Possible improvements:
   1. should verify that at least 2 nodes are configured
      [note: regTestCtrl uses validateConfiguration()]
   2. childExitParent could check how many nodes and create processes on all
   3. problem: if only one node in configuration test does not seem to execute
      but does not report an error

----------------------------------
Multi-node
-----------------------------------

Description:
   General test for monitor functionality. This includes
   Open, Close, NewProcess, ProcessInfo and sync node state
   between nodes.

   Steps:
      1.  starts two server processes $SERV0 and $SERV1 which run
          the "server" executable.
      2.  starts a $CLIENT process which runs the "client" executable.
      3.  The $CLIENT process starts two more server processes $SERV2
          and $SERV3.
      4.  The $CLIENT process interacts with each of the server processes
          sending requests and expecting replies.
      5.  Each of the server processes eventually exits in response
          to a request from the client
      6.  The $CLIENT expects server death messages from $SERV2 and $SERV3
      7.  The $CLIENT process exits

Discussion:

How to run:
   sqshell
      startup
      exec shell multiNode.sub
      shutdown
      quit

Files for this test:
   client.cxx
   server.cxx
   multiNode.sub

Relationship to original monitor tests:
   Replaces the first part of test1.sub

Possible improvements:
   none

-----------------------------------
regTest
-----------------------------------

Description:
   Exercise the various monitor registry capabilities:
   1. Set registry entries of various types
   2. Retrieve specific registry values of various types
   3. Retrieve all registry values of a given type
   4. Verify that configuration change notices are generated as expected
   5. Verify that "continuation" feature of the "get" request works.

Discussion:

How to run:
   sqshell
      startup
      exec shell regTest.sub

Files for this test:
   regTestCtrl.cxx
   regTest.sub

Relationship to original monitor tests:
   Replaces test4.sub

Possible improvements:
1.  Verify that can get all expected cluster wide values from each node
2.  Verify that can get all "process" values for a process from each node
3.  Make sure set of any already set value overwrites the value
4.  Node configuration data should only be local to a node


-----------------------------------
deathNotice
-----------------------------------


Description:
   Exercises ability to register and cancel process death notices
   from non parent process.

   Part 1:
      Repeats the following several times:
      a. Creates a child process and sends commands to it so that
         it registers death notice interest in several processes.
      b. Sends a command so the created process exits normally.
   Part 2:
      a. opens each of the 5 server processes
      b. sends a death notification request to the monitor for each of the
         5 processes.  There is a transaction id associated with some of
         the notices.
      c. Cancels some of the notices.  Transaction id is used.
      d. sends kill request to monitor for 4 of the processes
      e. waits for death notices to arrive.
      f. verifies that the expected death notices are received.
   Part 3:
      a. Creates 3 child processes and sends commands to them for
         them to register process death interest in a specific process
      b. Kills the process for which the 3 child processes registered
         death interest
      c. Sends commands to the three child processes to find out
         whether or not they received death notices.
      d. Reports results.

Discussion:
   Part 1 of the test exercise the monitor's ability to register death
   notices and also to unregister interest when a process exits.  Note
   that the test cannot verify that the monitor actually unregistered
   interest.  A debugger can be attached to the monitor to verify this
   and this was done during test development.

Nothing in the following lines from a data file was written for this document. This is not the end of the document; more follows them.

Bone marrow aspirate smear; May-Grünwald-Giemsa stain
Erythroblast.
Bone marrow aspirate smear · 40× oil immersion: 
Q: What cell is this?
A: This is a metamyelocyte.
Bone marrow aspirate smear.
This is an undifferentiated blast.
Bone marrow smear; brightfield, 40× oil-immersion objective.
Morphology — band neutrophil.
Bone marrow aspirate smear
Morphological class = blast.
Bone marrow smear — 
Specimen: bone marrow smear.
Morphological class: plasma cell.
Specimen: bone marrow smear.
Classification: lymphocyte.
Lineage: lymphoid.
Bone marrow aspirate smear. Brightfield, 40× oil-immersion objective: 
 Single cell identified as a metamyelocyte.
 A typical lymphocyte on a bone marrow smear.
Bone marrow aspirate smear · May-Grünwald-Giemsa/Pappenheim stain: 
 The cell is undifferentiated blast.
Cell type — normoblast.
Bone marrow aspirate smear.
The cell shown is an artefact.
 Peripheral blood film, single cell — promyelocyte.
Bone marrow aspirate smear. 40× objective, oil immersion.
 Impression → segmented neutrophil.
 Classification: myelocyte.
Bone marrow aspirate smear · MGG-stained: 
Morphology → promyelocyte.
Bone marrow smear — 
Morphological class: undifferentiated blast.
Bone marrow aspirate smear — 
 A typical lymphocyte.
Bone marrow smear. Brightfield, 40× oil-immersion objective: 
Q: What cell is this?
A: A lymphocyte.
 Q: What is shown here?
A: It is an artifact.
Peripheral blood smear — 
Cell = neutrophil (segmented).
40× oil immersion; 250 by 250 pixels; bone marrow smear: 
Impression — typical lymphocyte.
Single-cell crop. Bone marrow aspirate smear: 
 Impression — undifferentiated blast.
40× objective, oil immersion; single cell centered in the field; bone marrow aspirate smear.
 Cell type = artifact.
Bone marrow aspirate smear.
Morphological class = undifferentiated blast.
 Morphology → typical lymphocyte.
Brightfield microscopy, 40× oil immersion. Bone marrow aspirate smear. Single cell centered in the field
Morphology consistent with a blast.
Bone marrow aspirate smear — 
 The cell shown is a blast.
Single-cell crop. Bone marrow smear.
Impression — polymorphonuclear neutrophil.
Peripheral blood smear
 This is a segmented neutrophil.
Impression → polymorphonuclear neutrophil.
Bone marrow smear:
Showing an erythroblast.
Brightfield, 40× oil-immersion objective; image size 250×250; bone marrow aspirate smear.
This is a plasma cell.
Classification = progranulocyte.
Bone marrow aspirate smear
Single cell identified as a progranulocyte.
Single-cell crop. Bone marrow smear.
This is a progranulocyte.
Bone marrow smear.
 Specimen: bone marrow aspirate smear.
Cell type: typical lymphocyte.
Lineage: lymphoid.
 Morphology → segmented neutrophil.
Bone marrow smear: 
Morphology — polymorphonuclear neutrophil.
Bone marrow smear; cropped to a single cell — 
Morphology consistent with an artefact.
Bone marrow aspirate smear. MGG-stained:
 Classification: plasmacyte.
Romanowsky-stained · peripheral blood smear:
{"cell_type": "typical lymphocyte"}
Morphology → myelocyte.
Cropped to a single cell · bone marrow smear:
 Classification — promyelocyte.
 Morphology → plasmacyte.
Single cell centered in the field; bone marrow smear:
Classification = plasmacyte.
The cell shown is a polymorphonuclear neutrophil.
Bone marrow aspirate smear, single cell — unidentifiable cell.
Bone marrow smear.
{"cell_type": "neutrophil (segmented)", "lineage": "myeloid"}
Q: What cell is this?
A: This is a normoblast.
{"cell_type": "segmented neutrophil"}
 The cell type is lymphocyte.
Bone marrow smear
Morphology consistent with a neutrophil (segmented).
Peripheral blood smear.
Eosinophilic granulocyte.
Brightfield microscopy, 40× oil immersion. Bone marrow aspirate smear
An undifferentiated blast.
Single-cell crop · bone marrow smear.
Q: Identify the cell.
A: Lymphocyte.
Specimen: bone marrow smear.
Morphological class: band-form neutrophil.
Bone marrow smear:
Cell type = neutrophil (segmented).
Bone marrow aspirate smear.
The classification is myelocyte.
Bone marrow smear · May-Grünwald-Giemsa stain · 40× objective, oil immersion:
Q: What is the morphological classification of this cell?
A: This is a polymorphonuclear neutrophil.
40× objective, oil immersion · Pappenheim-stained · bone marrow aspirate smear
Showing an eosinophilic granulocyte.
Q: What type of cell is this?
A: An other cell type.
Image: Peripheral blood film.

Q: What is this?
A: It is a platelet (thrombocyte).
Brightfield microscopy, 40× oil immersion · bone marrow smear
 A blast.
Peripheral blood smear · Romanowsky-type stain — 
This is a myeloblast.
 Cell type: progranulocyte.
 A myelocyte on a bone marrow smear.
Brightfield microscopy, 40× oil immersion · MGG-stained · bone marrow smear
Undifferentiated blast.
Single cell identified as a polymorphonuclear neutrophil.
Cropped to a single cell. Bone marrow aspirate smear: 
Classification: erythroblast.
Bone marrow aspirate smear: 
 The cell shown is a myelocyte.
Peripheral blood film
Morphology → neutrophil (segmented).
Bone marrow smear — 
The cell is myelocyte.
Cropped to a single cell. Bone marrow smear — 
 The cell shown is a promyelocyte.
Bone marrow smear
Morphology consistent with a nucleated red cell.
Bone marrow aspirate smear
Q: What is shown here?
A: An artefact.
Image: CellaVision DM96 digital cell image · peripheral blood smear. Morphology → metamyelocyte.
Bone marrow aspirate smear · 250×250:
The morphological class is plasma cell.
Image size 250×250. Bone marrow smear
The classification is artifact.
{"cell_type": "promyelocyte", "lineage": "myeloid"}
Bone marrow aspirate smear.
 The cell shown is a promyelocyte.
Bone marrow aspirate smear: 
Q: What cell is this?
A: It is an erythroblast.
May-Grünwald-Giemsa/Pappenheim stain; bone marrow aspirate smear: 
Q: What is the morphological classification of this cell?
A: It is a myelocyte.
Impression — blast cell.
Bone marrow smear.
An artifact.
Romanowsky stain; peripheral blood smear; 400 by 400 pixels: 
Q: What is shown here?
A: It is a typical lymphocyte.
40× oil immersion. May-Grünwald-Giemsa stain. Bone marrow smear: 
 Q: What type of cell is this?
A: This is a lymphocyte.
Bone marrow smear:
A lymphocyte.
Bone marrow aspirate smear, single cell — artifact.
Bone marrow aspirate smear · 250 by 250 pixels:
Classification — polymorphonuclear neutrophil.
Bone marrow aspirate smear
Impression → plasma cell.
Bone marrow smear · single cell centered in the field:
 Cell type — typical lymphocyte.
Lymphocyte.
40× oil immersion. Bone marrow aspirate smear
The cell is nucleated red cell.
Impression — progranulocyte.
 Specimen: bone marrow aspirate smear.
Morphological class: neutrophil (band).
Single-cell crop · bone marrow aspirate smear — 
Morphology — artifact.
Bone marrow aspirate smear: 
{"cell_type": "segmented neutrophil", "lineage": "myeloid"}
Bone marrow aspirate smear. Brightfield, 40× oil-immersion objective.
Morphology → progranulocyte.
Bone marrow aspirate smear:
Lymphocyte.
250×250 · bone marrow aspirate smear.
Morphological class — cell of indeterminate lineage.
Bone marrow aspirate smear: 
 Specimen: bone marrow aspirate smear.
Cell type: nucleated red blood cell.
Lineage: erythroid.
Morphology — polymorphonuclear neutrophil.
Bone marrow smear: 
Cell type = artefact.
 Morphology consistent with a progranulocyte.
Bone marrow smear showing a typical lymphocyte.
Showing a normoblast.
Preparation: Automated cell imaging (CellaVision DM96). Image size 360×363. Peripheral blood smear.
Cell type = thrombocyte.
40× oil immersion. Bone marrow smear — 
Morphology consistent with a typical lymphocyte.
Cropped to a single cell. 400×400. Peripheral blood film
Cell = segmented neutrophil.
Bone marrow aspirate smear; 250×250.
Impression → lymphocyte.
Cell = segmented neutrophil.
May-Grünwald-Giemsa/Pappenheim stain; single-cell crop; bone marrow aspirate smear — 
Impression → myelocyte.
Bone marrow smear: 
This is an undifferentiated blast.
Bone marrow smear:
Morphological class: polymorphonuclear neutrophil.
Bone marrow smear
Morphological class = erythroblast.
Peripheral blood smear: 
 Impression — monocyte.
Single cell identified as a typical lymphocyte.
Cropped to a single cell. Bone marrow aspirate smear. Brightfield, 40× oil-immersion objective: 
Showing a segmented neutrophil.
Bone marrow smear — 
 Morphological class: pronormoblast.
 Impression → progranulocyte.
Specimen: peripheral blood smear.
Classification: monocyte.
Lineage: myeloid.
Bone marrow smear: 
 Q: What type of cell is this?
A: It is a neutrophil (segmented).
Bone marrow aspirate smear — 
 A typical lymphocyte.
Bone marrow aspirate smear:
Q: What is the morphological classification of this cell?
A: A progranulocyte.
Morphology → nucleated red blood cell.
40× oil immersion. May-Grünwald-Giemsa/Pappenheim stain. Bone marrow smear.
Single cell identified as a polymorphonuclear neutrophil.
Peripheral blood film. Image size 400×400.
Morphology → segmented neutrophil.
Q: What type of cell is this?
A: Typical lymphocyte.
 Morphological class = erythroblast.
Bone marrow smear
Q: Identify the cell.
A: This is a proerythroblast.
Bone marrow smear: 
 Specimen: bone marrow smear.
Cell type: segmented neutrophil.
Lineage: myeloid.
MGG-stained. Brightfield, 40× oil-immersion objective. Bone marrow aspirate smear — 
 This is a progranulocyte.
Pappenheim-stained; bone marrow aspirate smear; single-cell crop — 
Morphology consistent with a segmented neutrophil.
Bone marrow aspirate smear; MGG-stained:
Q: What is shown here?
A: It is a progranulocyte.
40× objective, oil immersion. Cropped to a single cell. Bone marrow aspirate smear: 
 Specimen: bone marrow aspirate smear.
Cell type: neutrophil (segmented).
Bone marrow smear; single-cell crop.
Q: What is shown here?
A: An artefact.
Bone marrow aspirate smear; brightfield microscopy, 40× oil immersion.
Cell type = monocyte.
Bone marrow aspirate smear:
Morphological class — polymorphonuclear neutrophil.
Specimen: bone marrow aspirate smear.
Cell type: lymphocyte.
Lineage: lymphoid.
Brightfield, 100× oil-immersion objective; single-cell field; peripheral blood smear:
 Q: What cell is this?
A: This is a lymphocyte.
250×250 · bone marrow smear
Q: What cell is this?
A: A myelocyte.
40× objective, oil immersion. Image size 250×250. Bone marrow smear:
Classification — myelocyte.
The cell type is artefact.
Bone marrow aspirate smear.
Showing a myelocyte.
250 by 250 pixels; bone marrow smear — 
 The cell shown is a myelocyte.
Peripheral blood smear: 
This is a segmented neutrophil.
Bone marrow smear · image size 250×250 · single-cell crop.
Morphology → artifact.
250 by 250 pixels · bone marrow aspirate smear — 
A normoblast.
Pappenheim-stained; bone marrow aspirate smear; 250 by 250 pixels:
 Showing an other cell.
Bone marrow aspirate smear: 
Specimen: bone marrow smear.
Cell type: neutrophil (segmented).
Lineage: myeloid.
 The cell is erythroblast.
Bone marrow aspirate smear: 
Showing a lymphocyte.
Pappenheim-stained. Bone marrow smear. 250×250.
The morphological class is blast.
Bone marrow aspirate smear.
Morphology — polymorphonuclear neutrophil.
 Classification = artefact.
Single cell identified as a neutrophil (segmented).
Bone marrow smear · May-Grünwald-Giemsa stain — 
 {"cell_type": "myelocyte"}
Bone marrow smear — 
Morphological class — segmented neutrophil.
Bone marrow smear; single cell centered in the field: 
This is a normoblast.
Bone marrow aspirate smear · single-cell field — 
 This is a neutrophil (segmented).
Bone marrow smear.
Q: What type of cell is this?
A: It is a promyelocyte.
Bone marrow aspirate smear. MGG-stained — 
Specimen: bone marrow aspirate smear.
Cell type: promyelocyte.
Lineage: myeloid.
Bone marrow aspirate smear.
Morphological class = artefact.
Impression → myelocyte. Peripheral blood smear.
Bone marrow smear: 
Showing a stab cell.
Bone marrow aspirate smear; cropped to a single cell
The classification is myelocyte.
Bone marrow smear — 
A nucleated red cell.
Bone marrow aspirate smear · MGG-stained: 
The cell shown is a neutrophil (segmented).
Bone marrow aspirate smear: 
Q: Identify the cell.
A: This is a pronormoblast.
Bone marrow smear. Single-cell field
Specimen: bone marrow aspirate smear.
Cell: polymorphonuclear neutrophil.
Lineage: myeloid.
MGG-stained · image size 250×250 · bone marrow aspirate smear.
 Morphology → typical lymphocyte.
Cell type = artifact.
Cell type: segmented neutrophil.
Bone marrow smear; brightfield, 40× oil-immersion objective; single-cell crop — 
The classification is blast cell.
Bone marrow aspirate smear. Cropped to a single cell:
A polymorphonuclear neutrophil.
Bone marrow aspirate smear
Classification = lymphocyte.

   Part 2 of the test also registers interest in death notices.  It
   does this by using the "death notice" flag during an "open" request
   and by using the "notice" request.   It verifies correct behavior
   by ensuring that the expected death notices are delivered by the monitor.
   Note that for part 2 of the test to exercise the intended monitor
   capabilities it cannot create the worker processes.   That's because
   the monitor has a different mechanism for notifying the parent
   process when a child process exits.

   Part 3 of the test verifies the ability of multiple separate
   processes to receive a death notice for the same process.

How to run:
   sqshell
      startup
      exec shell deathNotice.sub

   If "Test PASSED" is output then the test passed.

   To see the detailed steps executed by the test edit the
   deathNotice.sub script and add "-t" to the end of the final "exec" command.

Files for this test:
   deathNotice.cxx
   deathNotice.h
   deathNotice.sub
   deathUnreg.cxx

Relationship to original monitor tests:
   Replaces test6.sub (and includes new test capabilities)

-----------------------------------
persistentProc
-----------------------------------

Description:
   Exercises the monitor persistent process capability.

Discussion:
   The test performs the following steps:
      - Configures persistent attributes in the registry for process $ABC
      - Starts $ABC on specific node
      - Kills $ABC which is restarted is the same node it was originally
        created
      - Kills $ABC again - it should not be restarted because the configured
        number of retries has been exceeded
      - Starts $ABC on specific node again
      - Downs the node where $ABC was started
      - Expects $ABC to be restarted on the other PERSISTENT_ZONES configured
      - Kills $ABC again - it should not be restarted

   When the last shell exits, there should be no Trafodion processes running

How to run:
   sqshell
      startup
      exec shell persistentProc.sub

   If "Test PASSED" is output then the test passed.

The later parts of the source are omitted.